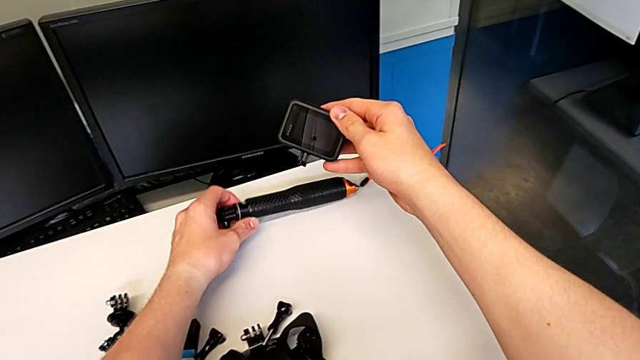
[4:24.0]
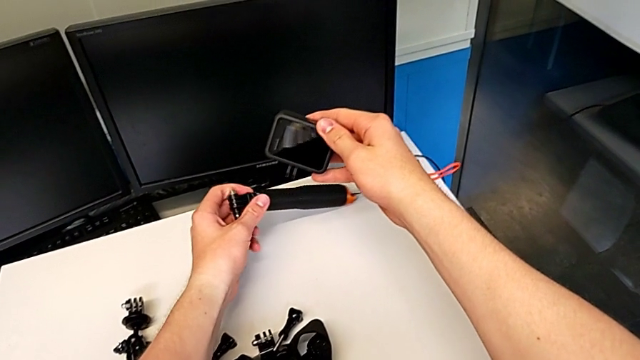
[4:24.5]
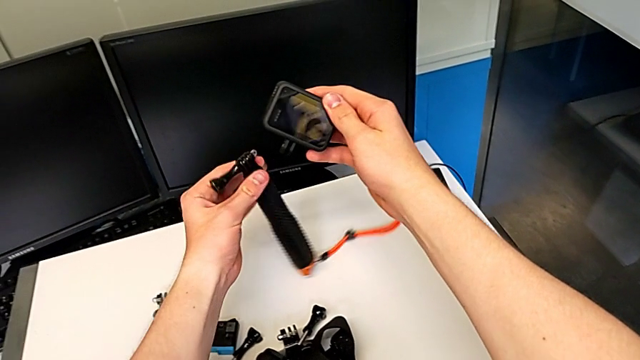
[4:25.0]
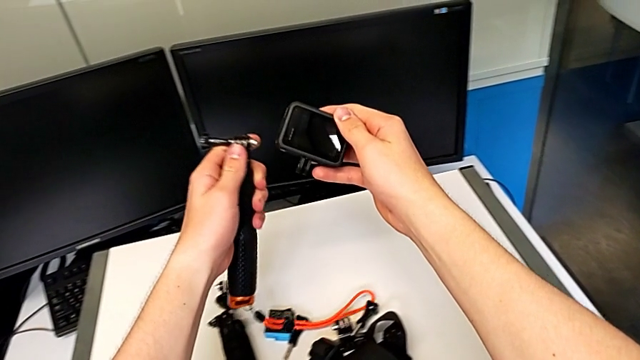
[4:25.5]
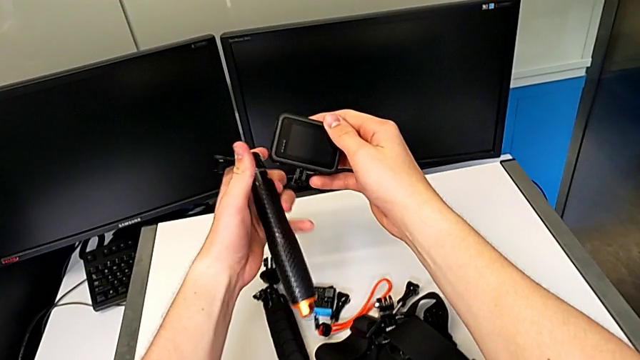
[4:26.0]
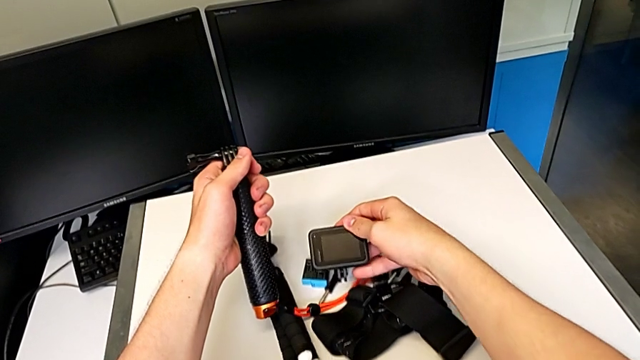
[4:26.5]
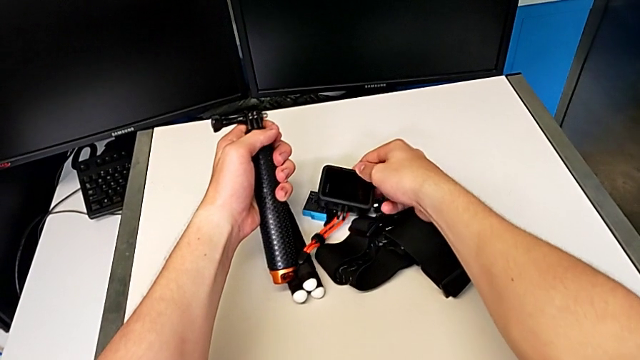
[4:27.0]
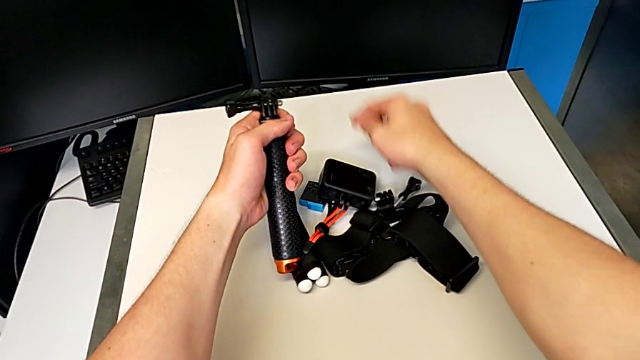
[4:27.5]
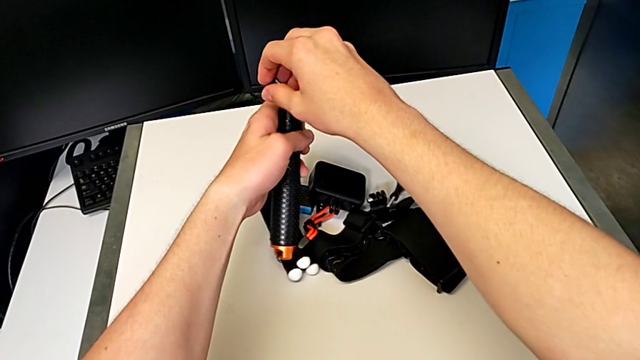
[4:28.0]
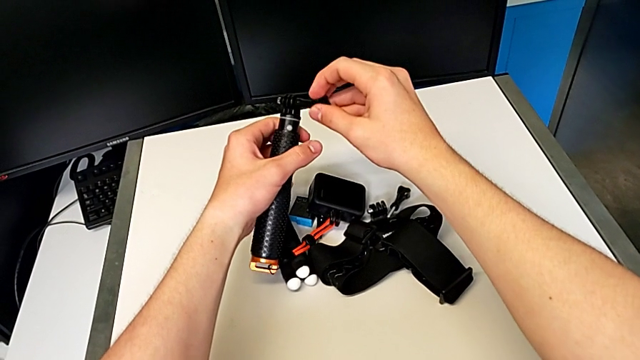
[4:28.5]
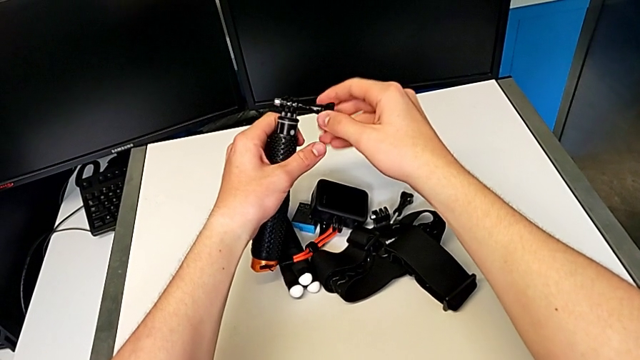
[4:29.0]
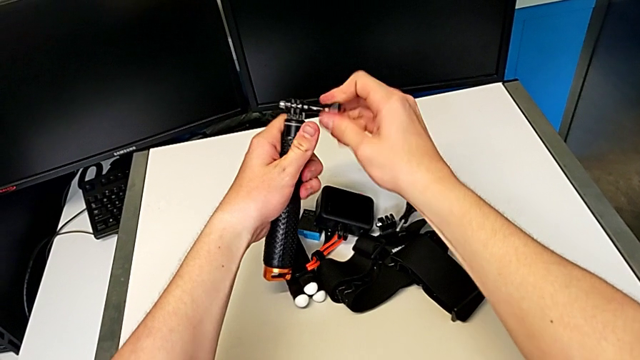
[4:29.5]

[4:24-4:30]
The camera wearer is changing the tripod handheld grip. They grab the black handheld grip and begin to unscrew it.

========================================

= TASK =
When you output the listing, reproduce it exactly but drop its pictures.

= OUTPUT OF THE TASK =
[4:24.0]
[4:24.5]
[4:25.0]
[4:25.5]
[4:26.0]
[4:26.5]
[4:27.0]
[4:27.5]
[4:28.0]
[4:28.5]
[4:29.0]
[4:29.5]

[4:24-4:30]
The camera wearer is changing the tripod handheld grip. They grab the black handheld grip and begin to unscrew it.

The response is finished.